To understand our model more deeply, we visualized the effect of semantic segmentation, as shown in
Figure 6. The first and second columns represent the original image and the label image, respectively. The third column and the fourth column, respectively, represent the DANet and NDAM segmentation results. In the segmentation result of the first image, our model has a more complete contour of the rider. The shape of the bicycle is more obvious in the segmentation result of the second image. In the segmentation result of the third image, our model has fewer red error segmentation pixels. This verifies the effectiveness of the cross-dimensional interactive attention fusion module, which makes the boundary and contour of the target object in the segmentation result more perfect. Overall, the NDAM segmentation results are better.
4.3.2. Cross-Dimensional Interactive Attention Feature Fusion Module
The CDIA-FFM can not only capture the dependencies between dimensions but also highlight low-dimensional features and high-dimensional features. We conducted an ablation experiment on the setting of the convolution kernel size in the cross-dimensional interactive attention feature fusion module, as shown in
Table 3. The three convolution kernels are, respectively, set in the three fusion modules. The network effect is the best when the sizes of the convolution kernel are set to 3, 5, and 7, respectively. The size of the convolution kernel is set according to the size of the feature map in the fusion module, and the convolution kernel increases with the size of the feature map.
To obtain a better segmentation effect, we combined the NDAM and CDIA-FFM to form MA-FFNet, as shown in
Table 4. We compare MA-FFNet with some of the existing semantic segmentation networks, such as [
8], DeepLabv3+ [
9], OCRNet [
17], EfficentFCN [
33], and Bisenet v2 [
34]. Our segmentation effect is 3.1% higher than that of the basic network, and the effect is higher than the comparison network under the same experimental conditions, so our network is feasible. We randomly visualized several segmentation results. As shown in
Figure 7, it is obvious that the segmentation effect of our network is better. Comparing the chairs, bicycles, and sheep legs in the figure, all can prove the effect of our segmentation network.

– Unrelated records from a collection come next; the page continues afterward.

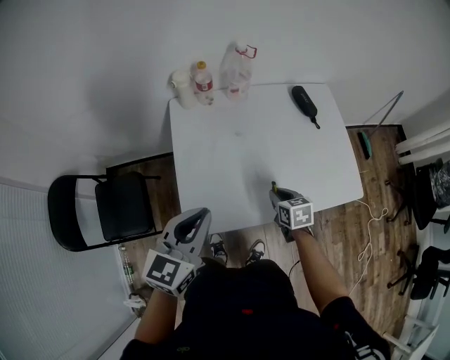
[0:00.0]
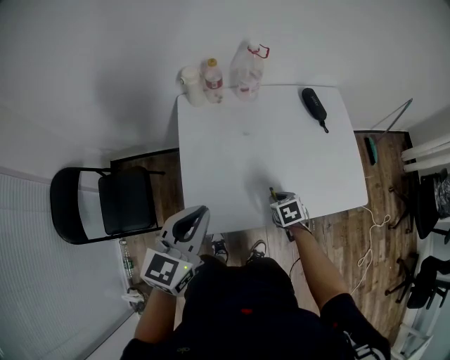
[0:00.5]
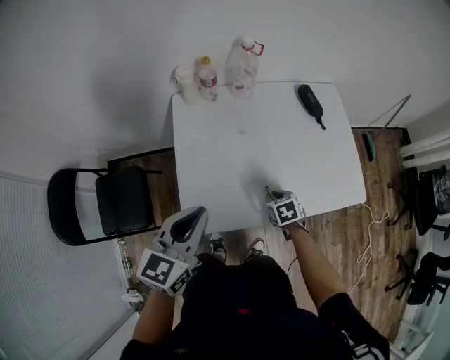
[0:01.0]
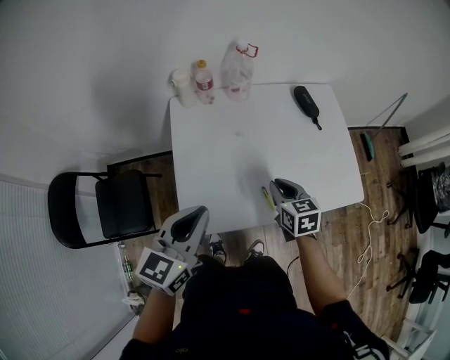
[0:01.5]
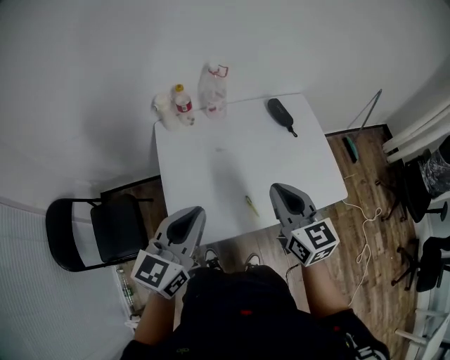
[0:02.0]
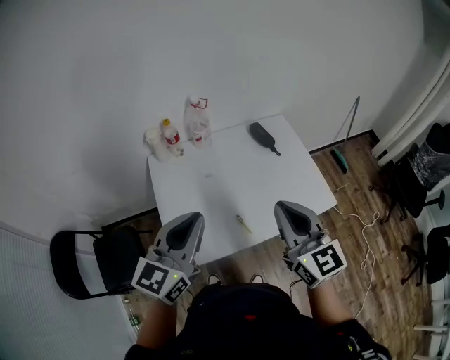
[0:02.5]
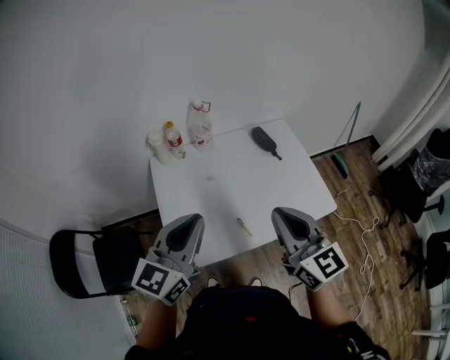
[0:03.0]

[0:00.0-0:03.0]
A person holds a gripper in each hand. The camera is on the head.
0:00.0 to 0:01.5: The right gripper shifts about 10 cm upward.
0:01.5 to 0:03.0: The left gripper travels upward and to the right by about 15 cm, while the right gripper heads upward, covering approximately 25 cm, and tilts its fingers about 40 degrees upward.

4.4. Results on Cityscapes
To further verify the effectiveness of our network, we conducted verification and comparison experiments on a very challenging cityscapes data set. As shown in
Table 5, we have achieved very good results. The Miou of 72.8% is much higher than the result of the comparison experiment and 6.19% higher than the base network.

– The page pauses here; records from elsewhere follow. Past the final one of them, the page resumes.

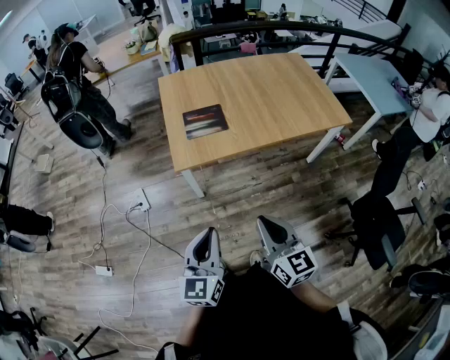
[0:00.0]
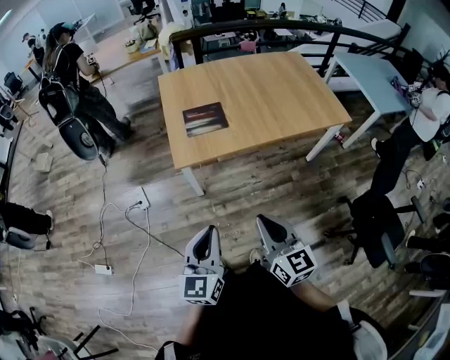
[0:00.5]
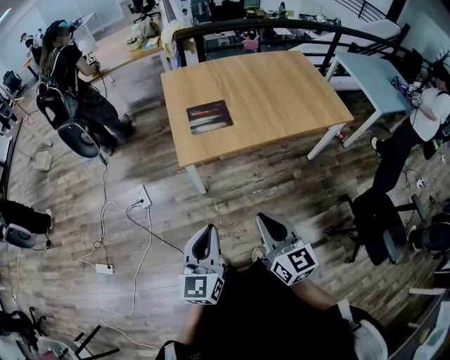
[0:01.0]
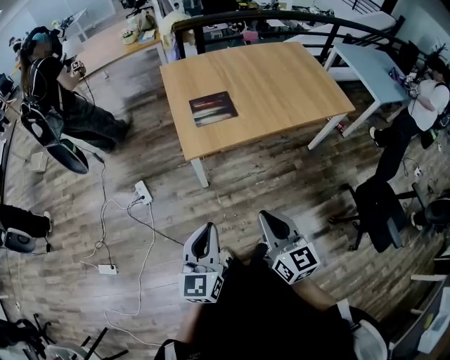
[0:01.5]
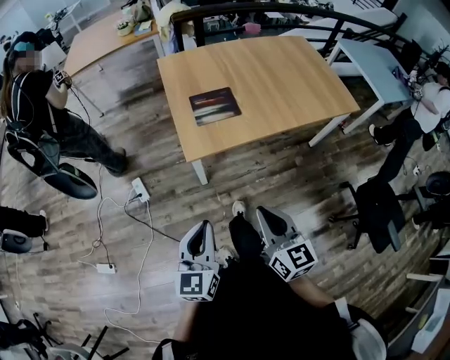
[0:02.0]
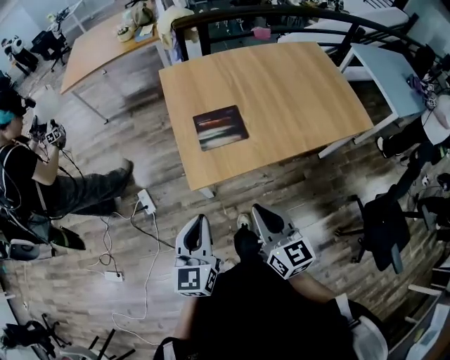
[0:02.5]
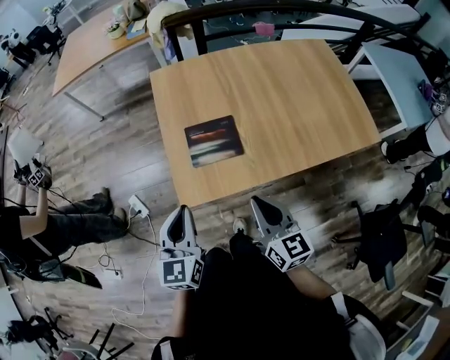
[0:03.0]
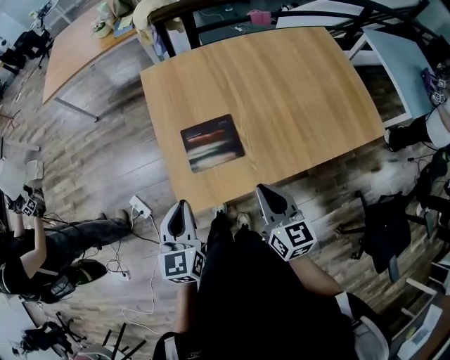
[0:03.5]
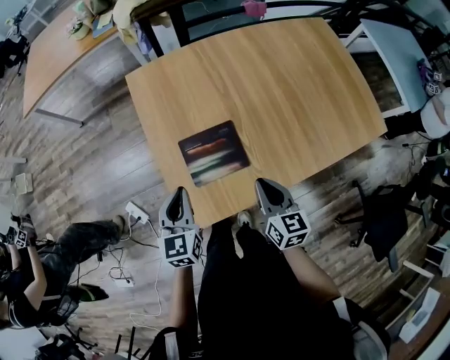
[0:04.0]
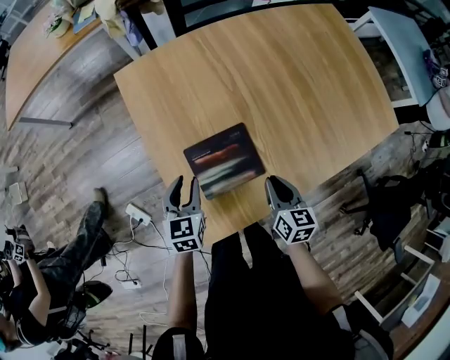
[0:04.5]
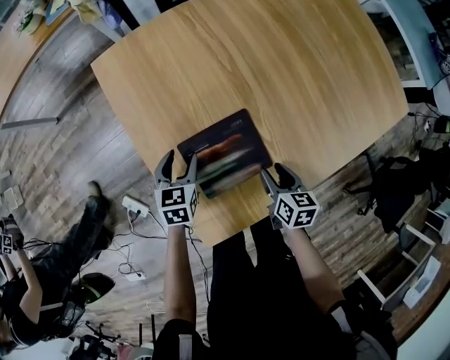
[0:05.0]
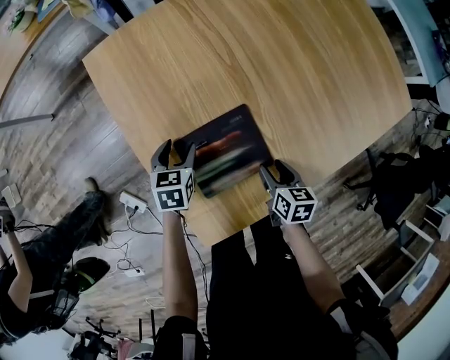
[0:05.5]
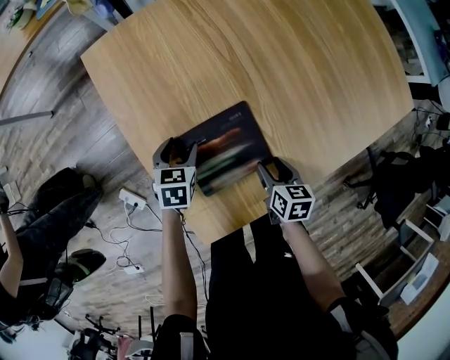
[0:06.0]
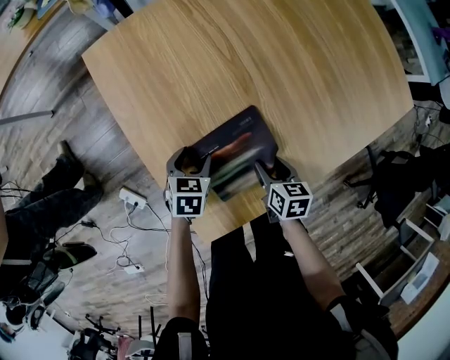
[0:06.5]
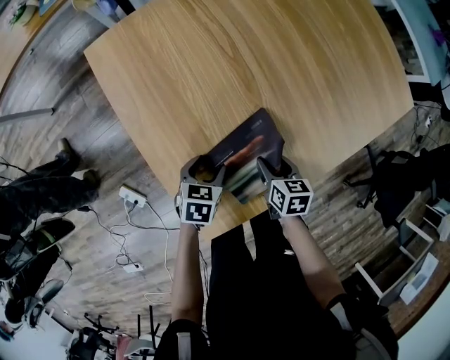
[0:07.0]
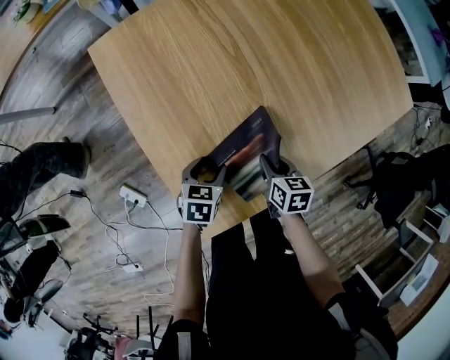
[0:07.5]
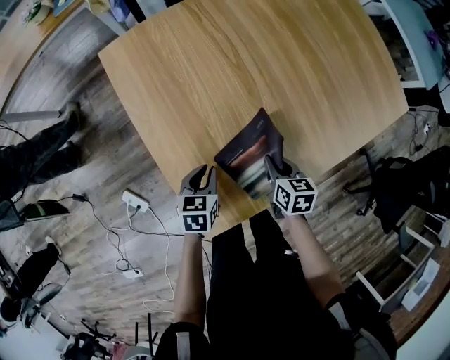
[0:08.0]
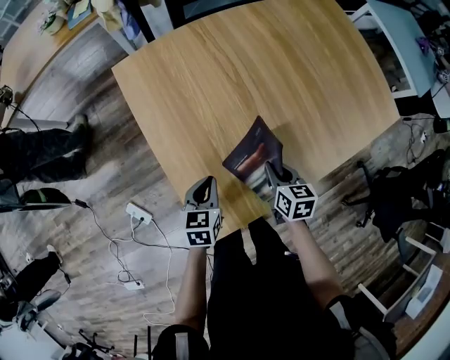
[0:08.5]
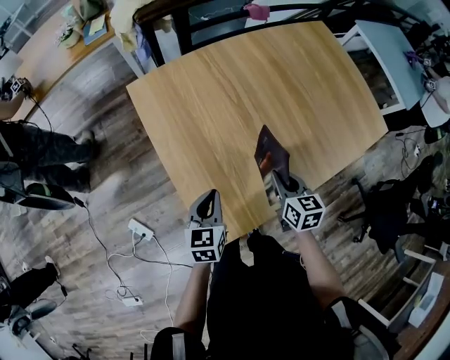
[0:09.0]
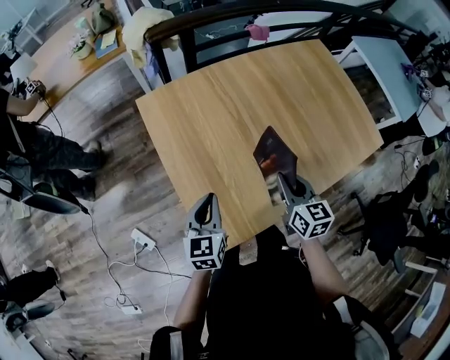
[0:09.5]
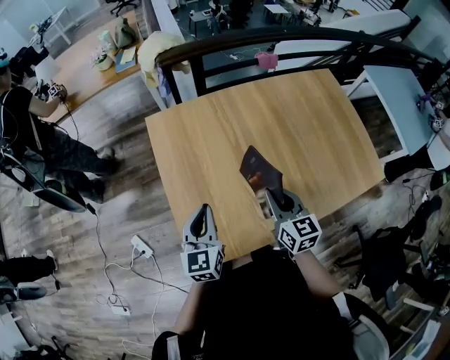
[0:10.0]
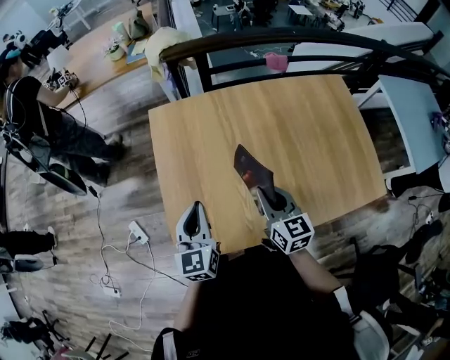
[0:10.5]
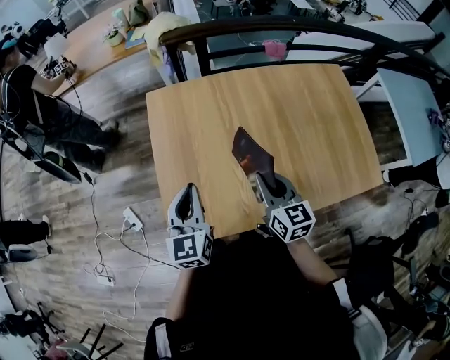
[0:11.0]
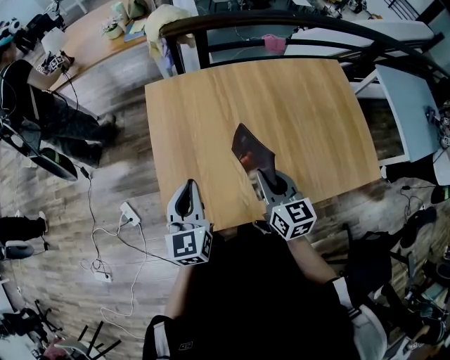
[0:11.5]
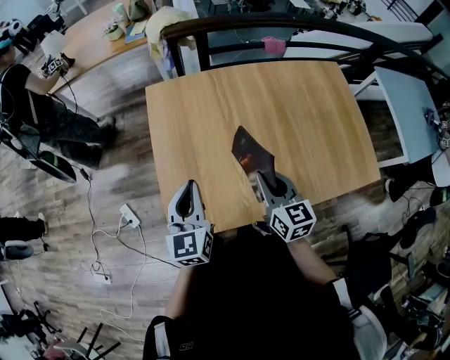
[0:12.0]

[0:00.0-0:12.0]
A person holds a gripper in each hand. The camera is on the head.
0:00.0 to 0:02.0: Both grippers move to the left and forward, about 10 cm.
0:02.0 to 0:04.0: Both grippers are carried forward, some 50 cm.
0:04.0 to 0:06.0: The right gripper shifts roughly 25 cm downward, turns by roughly 30 degrees, and opens up. Meanwhile the left gripper moves downward and forward, some 30 cm, rotates some 30 degrees, and opens.
0:06.0 to 0:08.0: The left gripper heads backward and to the right, covering some 10 cm, and closes. The right gripper closes up.
0:08.0 to 0:10.0: The grippers both shift upward by about 25 cm. The right gripper rotates about 40 degrees; the left gripper angles its fingers upward, by about 30 degrees.
0:10.0 to 0:12.0: The left gripper ends up about 5 cm from where it was.

We visualized the segmentation results on the cityscapes data set. As shown in
Figure 8, the segmentation diagram of telephone poles and traffic signs has the best segmentation effect in our network, which illustrates the effectiveness of the Adjacent Position Attention Module, calculates the similarity between the pixel and the adjacent pixel in the column, so that this long target object receives attention. One disadvantage of our network is that it would segment the Mercedes-Benz car head (as example) into other targets in the image.

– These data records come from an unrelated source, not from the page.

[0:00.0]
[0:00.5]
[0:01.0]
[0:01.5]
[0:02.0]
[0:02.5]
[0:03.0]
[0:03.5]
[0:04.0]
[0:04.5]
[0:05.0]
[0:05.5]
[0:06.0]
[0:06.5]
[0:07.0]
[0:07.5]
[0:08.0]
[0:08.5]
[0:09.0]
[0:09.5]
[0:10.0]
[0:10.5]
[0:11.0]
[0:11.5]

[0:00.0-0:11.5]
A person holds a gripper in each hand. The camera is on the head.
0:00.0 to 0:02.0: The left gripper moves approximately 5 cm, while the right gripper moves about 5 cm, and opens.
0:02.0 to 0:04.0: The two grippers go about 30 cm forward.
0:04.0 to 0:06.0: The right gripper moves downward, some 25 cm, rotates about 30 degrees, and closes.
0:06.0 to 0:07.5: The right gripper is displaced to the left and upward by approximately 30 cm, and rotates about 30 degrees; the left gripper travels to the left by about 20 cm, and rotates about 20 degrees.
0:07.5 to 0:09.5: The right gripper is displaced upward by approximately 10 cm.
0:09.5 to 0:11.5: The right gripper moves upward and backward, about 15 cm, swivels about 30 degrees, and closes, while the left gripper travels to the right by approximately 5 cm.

4.5. Compared with Transformer Method
With the development of computer vision, the visual transformer has been effectively used in semantic segmentation, and we compare our proposed segmentation network with the existing transformer methods. As shown in
Table 6, the performance of our method is compared with Segformer [
35]. There are five backbone networks with different parameters in Segformer, and Mit-B2 with similar parameters to our method is used as backbone. Under the same training epoch and different training strategies (Segformer uses the original training strategy in the comparison experiment), our method performs 0.6% higher than Segformer on the PASCAL VOC 2012 dataset and lower than Segformer on the cityscapes dataset. The main reason is that our network is not pretrained. If our method is effectively pretrained, its semantic segmentation performance is comparable to the transformer semantic segmentation network.